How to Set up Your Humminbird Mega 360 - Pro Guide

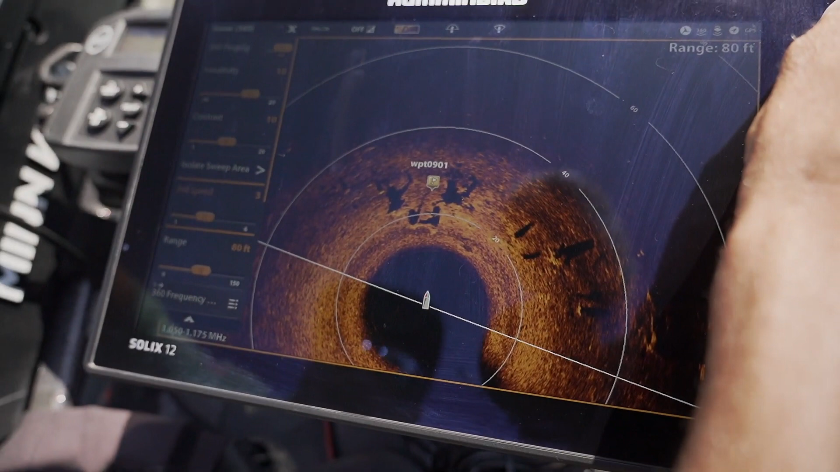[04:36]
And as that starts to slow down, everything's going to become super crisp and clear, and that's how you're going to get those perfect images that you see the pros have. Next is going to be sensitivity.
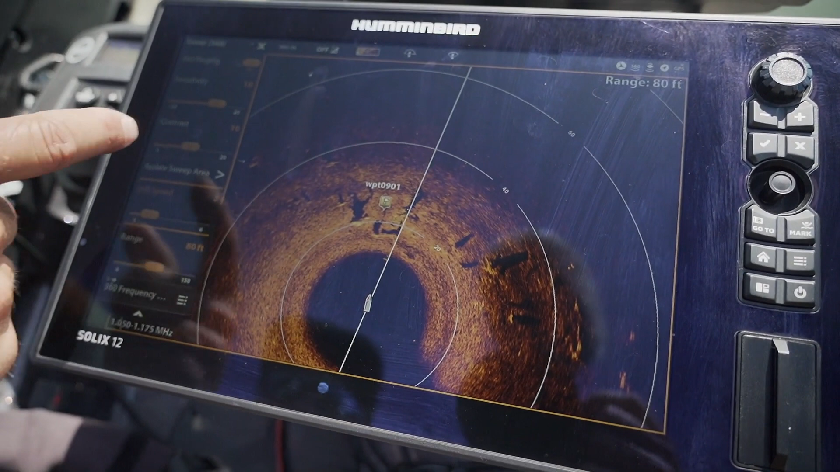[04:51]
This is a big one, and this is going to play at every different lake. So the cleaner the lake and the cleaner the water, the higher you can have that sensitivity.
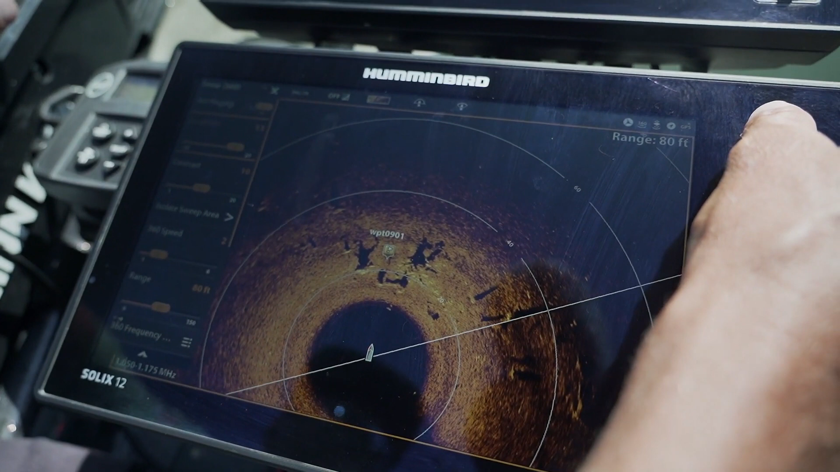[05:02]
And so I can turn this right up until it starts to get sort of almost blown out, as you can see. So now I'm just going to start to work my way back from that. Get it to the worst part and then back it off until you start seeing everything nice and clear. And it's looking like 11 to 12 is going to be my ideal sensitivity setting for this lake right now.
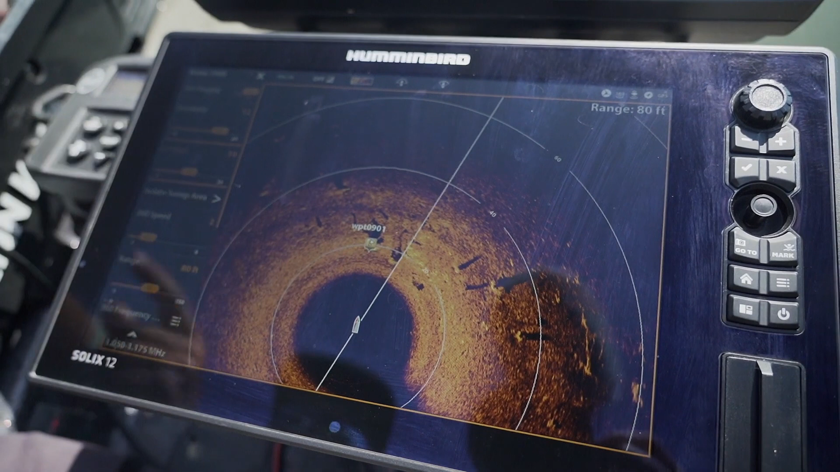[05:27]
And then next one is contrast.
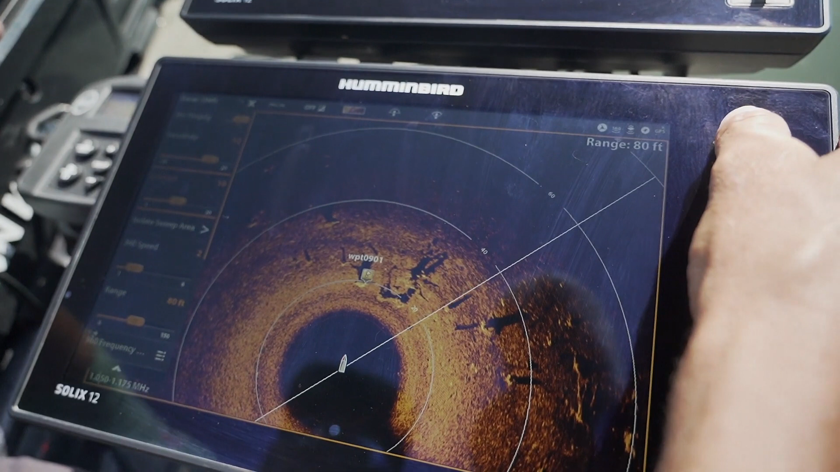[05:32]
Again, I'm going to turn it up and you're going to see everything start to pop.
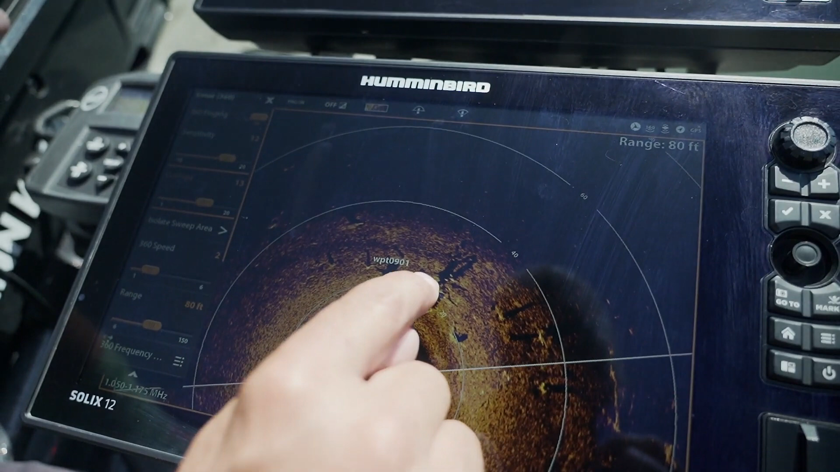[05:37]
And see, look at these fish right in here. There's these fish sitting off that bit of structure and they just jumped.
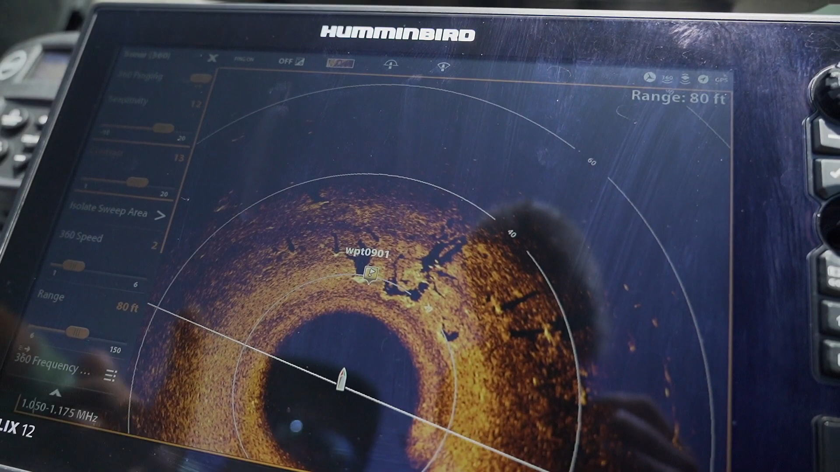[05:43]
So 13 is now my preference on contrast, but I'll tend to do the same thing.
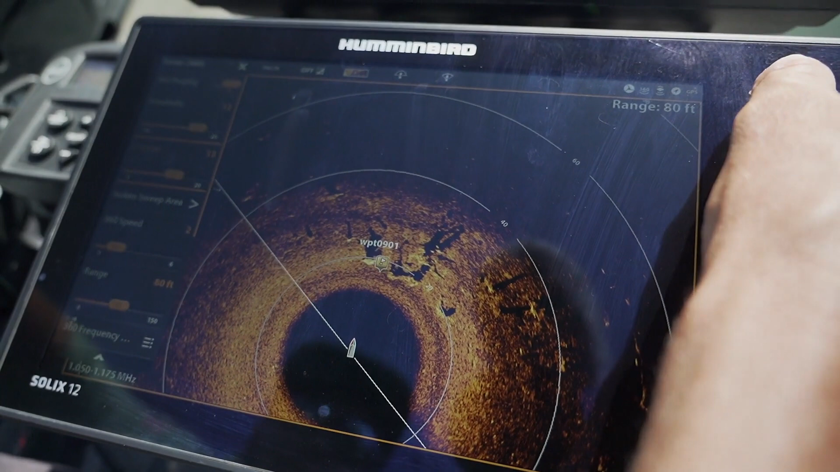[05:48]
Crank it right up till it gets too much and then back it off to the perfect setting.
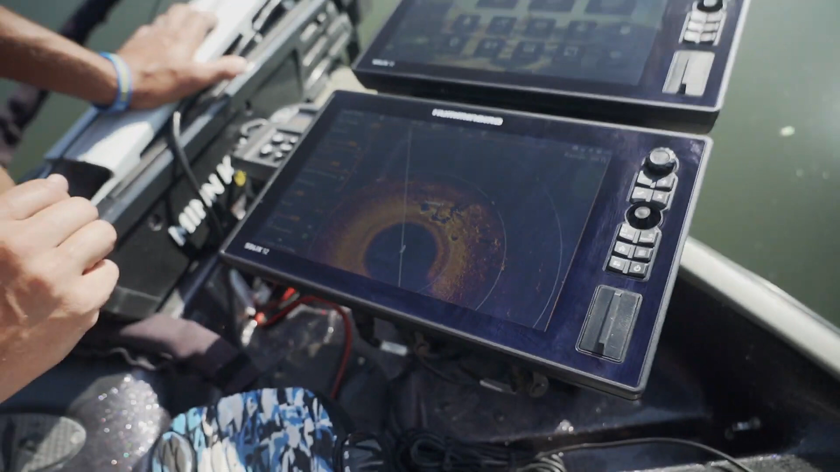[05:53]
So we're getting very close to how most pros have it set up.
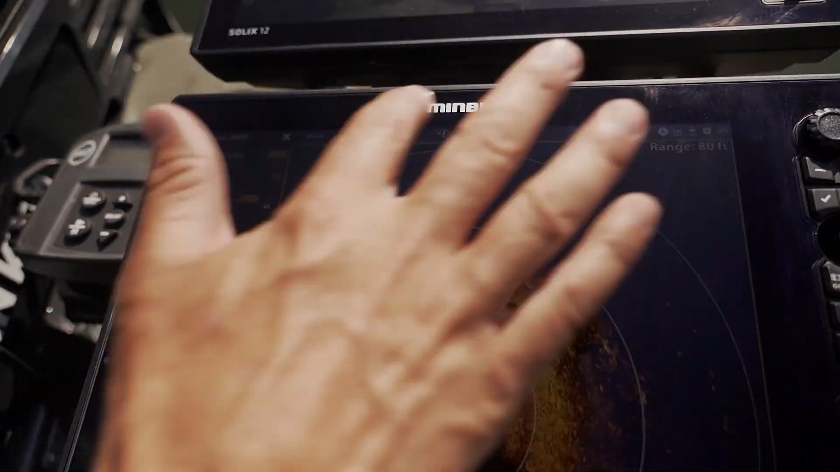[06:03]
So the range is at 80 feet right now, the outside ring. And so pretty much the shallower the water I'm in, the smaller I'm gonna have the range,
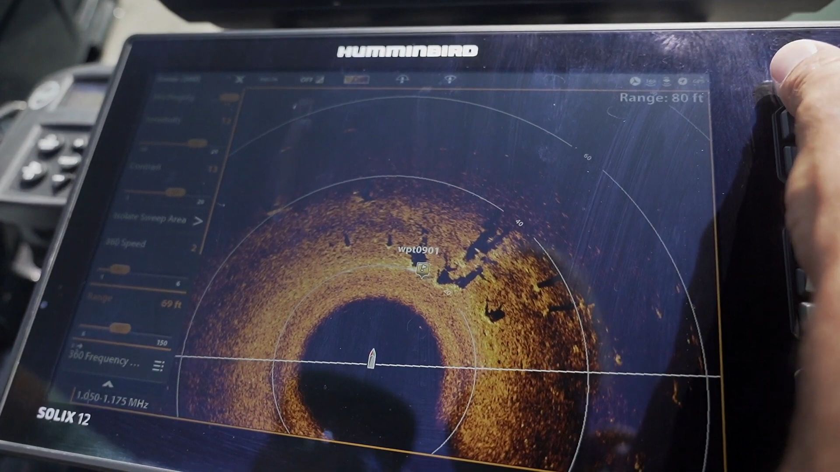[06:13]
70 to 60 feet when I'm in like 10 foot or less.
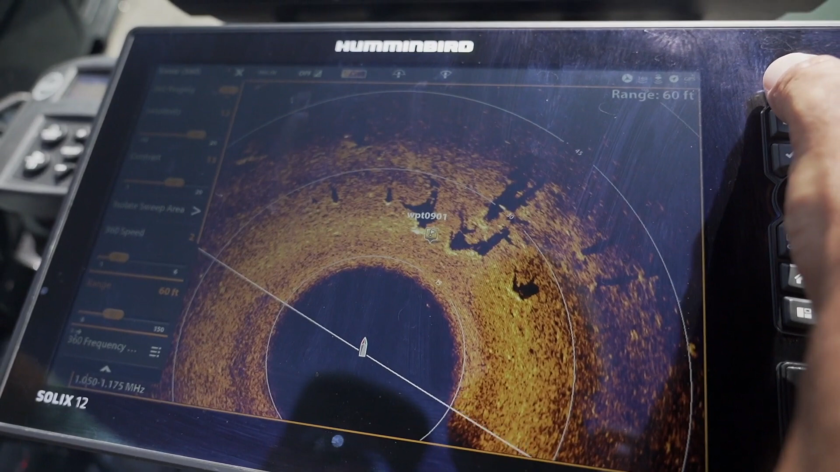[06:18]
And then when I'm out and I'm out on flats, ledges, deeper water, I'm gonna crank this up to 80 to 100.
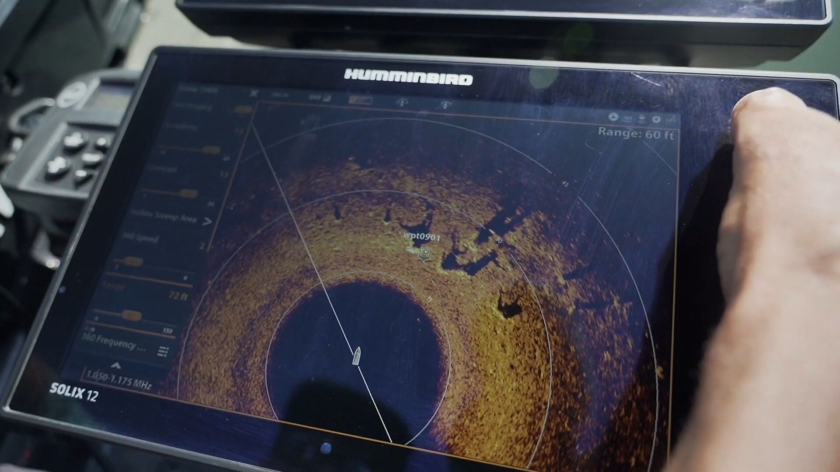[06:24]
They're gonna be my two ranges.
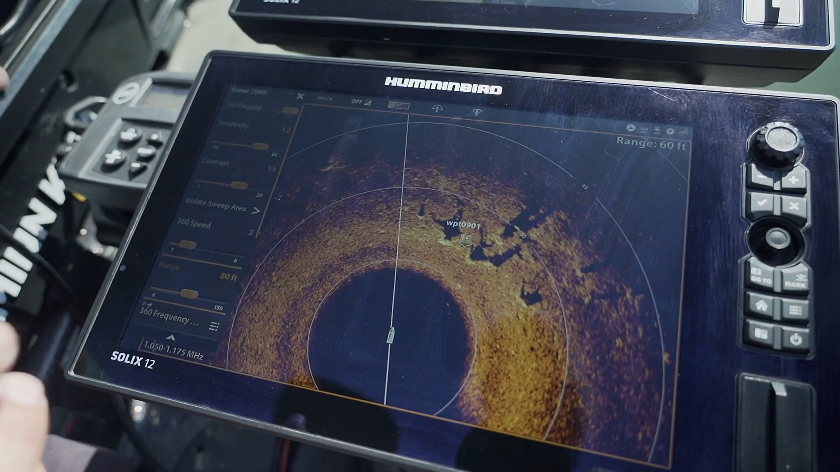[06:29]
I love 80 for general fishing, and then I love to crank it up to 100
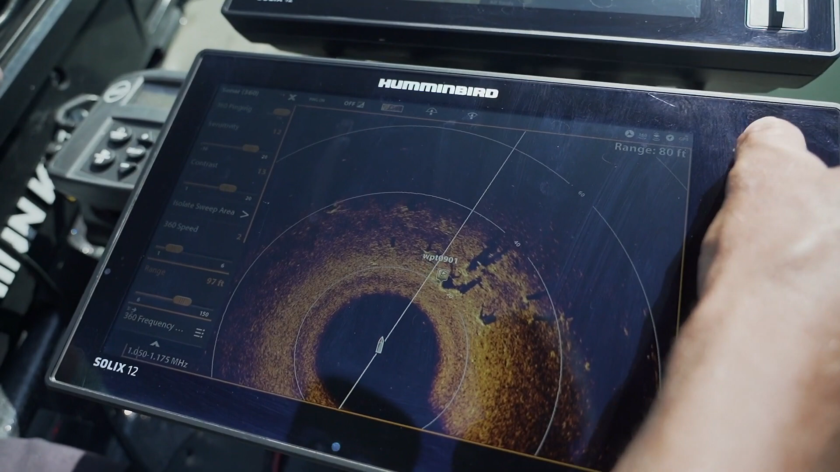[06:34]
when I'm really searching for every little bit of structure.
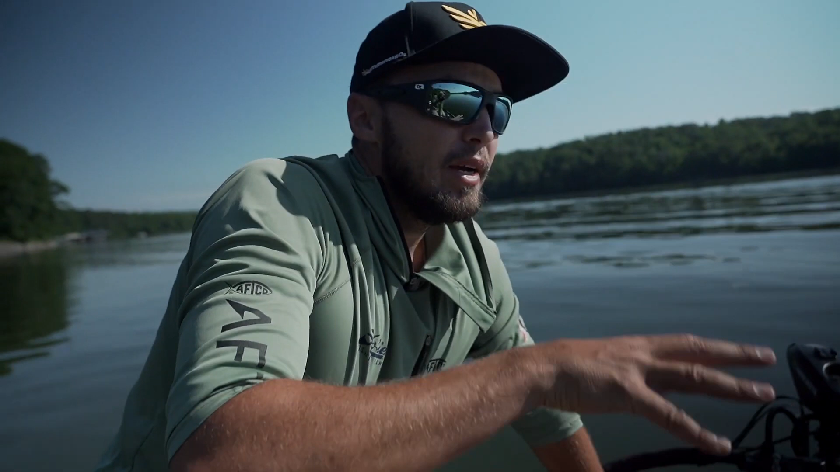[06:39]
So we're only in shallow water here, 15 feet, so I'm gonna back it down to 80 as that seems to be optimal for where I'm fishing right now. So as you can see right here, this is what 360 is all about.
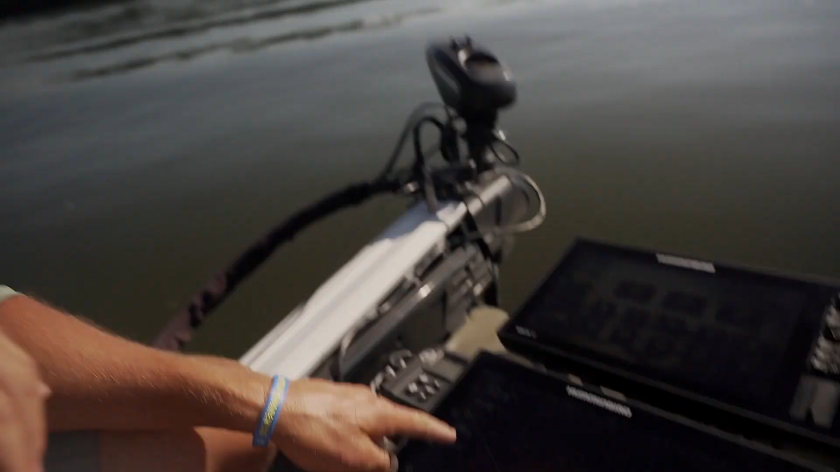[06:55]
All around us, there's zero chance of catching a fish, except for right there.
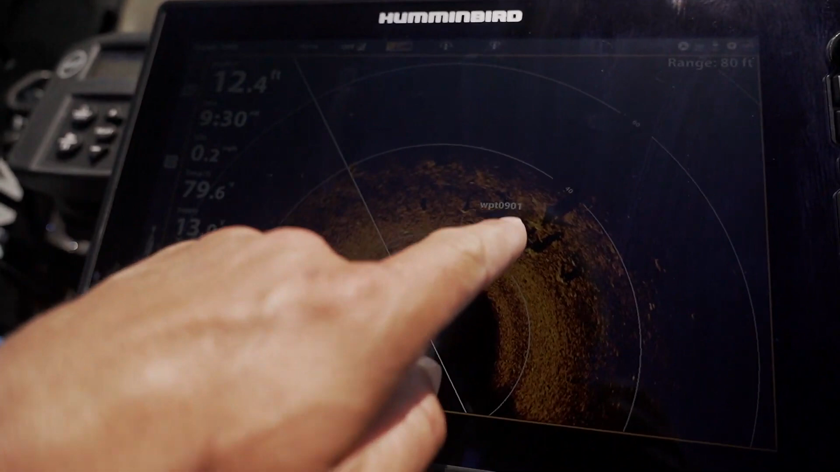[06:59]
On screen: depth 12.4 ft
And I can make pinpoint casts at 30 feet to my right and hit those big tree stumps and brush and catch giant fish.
..............................
» What to produce
Line by line, print the records above exactly, skipping each picture.

» Output for this task
How to Set up Your Humminbird Mega 360 - Pro Guide

[04:36]
And as that starts to slow down, everything's going to become super crisp and clear, and that's how you're going to get those perfect images that you see the pros have. Next is going to be sensitivity.
[04:51]
This is a big one, and this is going to play at every different lake. So the cleaner the lake and the cleaner the water, the higher you can have that sensitivity.
[05:02]
And so I can turn this right up until it starts to get sort of almost blown out, as you can see. So now I'm just going to start to work my way back from that. Get it to the worst part and then back it off until you start seeing everything nice and clear. And it's looking like 11 to 12 is going to be my ideal sensitivity setting for this lake right now.
[05:27]
And then next one is contrast.
[05:32]
Again, I'm going to turn it up and you're going to see everything start to pop.
[05:37]
And see, look at these fish right in here. There's these fish sitting off that bit of structure and they just jumped.
[05:43]
So 13 is now my preference on contrast, but I'll tend to do the same thing.
[05:48]
Crank it right up till it gets too much and then back it off to the perfect setting.
[05:53]
So we're getting very close to how most pros have it set up.
[06:03]
So the range is at 80 feet right now, the outside ring. And so pretty much the shallower the water I'm in, the smaller I'm gonna have the range,
[06:13]
70 to 60 feet when I'm in like 10 foot or less.
[06:18]
And then when I'm out and I'm out on flats, ledges, deeper water, I'm gonna crank this up to 80 to 100.
[06:24]
They're gonna be my two ranges.
[06:29]
I love 80 for general fishing, and then I love to crank it up to 100
[06:34]
when I'm really searching for every little bit of structure.
[06:39]
So we're only in shallow water here, 15 feet, so I'm gonna back it down to 80 as that seems to be optimal for where I'm fishing right now. So as you can see right here, this is what 360 is all about.
[06:55]
All around us, there's zero chance of catching a fish, except for right there.
[06:59]
On screen: depth 12.4 ft
And I can make pinpoint casts at 30 feet to my right and hit those big tree stumps and brush and catch giant fish.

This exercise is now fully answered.